Source records:
*** Block opens ***

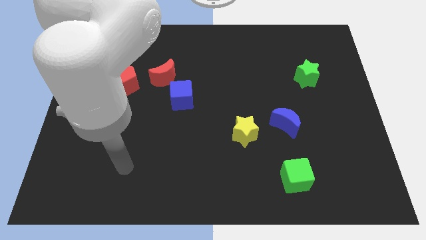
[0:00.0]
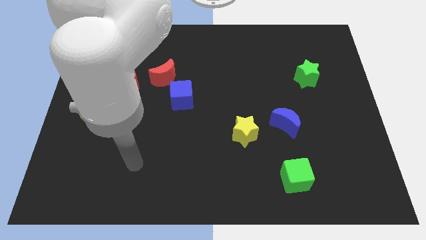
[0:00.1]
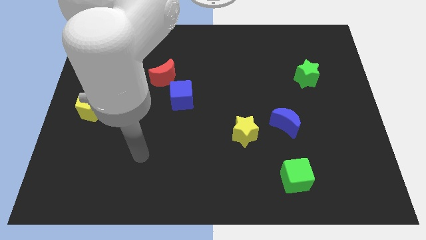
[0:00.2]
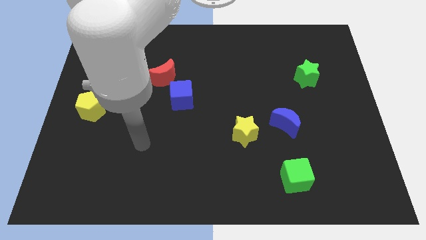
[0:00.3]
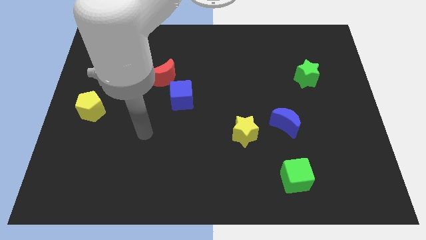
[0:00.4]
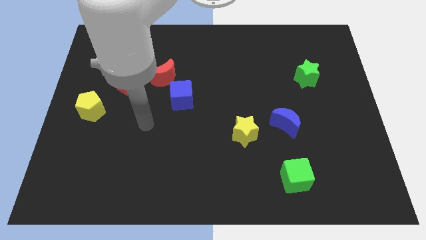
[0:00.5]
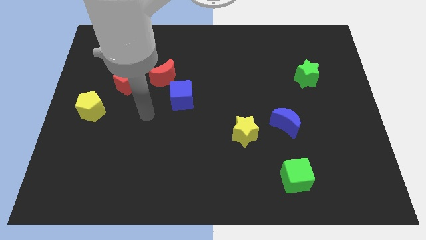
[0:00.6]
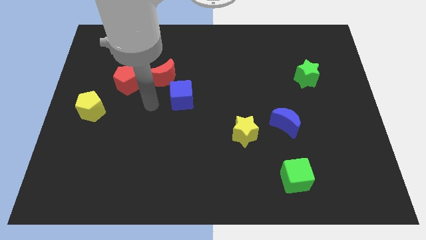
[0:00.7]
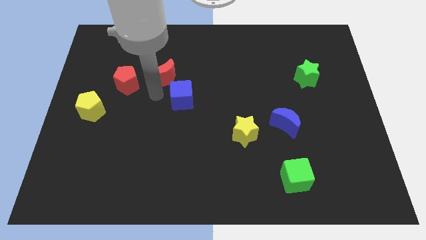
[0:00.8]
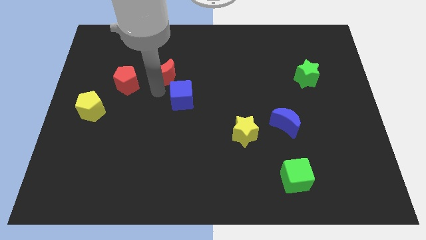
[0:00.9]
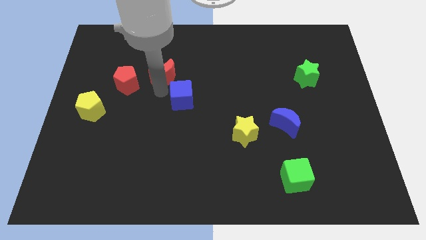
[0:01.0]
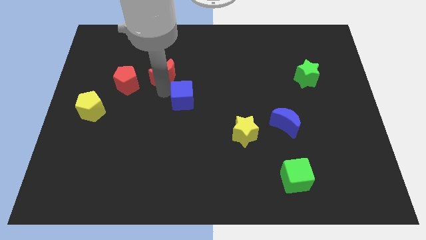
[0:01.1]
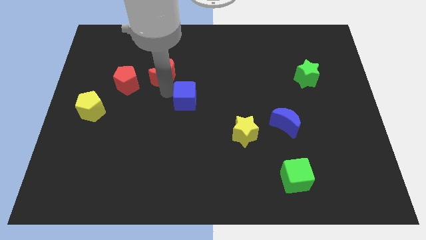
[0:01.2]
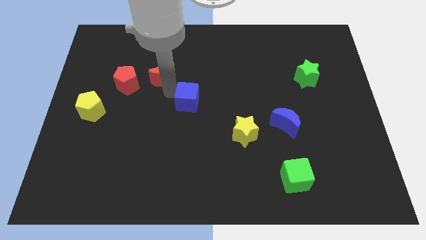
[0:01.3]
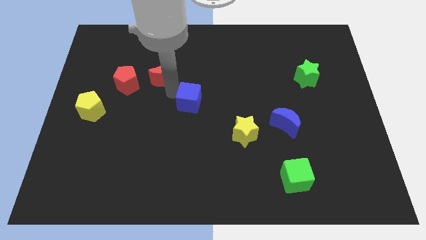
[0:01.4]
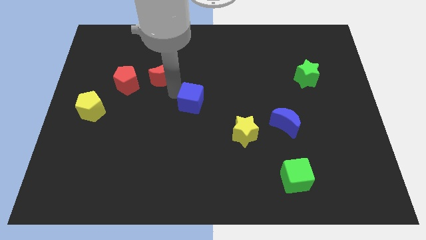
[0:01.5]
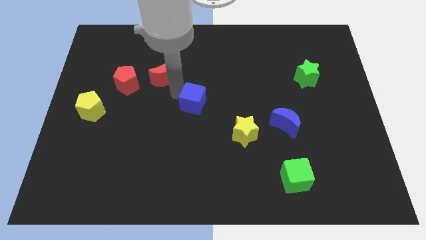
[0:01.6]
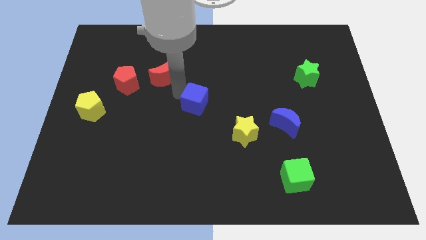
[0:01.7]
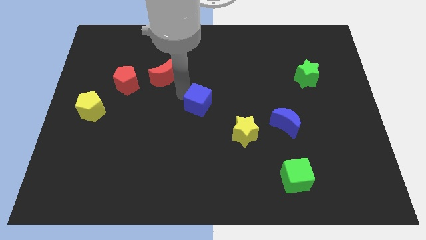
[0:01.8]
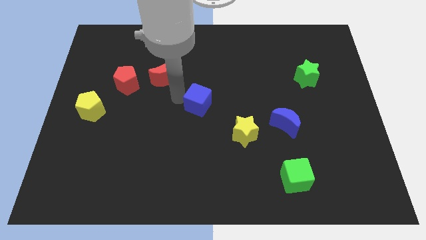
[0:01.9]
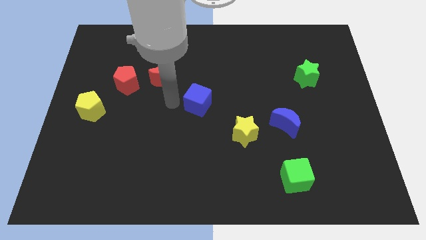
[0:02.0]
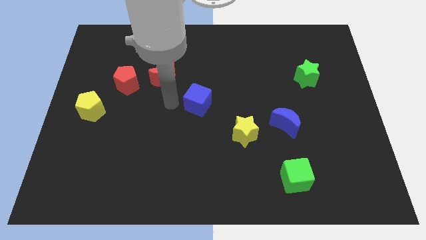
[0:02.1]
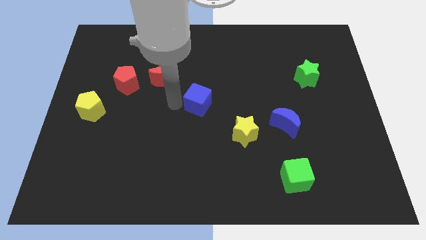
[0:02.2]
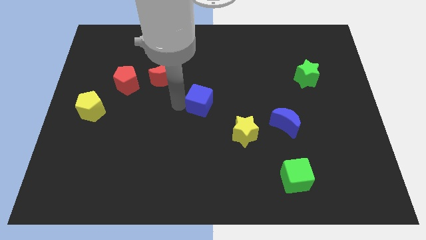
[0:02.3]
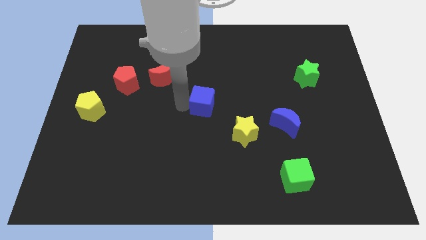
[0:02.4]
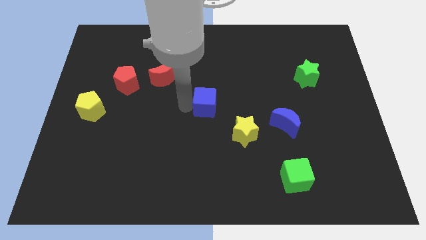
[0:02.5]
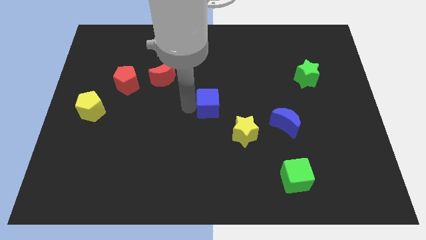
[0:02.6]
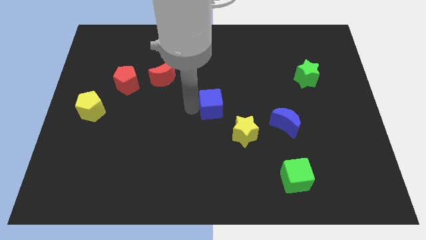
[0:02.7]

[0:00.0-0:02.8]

*** Block closes ***

The problem.
Leave out all images, then reproduce the entries above exactly.

Response to this task.
[0:00.0]
[0:00.1]
[0:00.2]
[0:00.3]
[0:00.4]
[0:00.5]
[0:00.6]
[0:00.7]
[0:00.8]
[0:00.9]
[0:01.0]
[0:01.1]
[0:01.2]
[0:01.3]
[0:01.4]
[0:01.5]
[0:01.6]
[0:01.7]
[0:01.8]
[0:01.9]
[0:02.0]
[0:02.1]
[0:02.2]
[0:02.3]
[0:02.4]
[0:02.5]
[0:02.6]
[0:02.7]

[0:00.0-0:02.8]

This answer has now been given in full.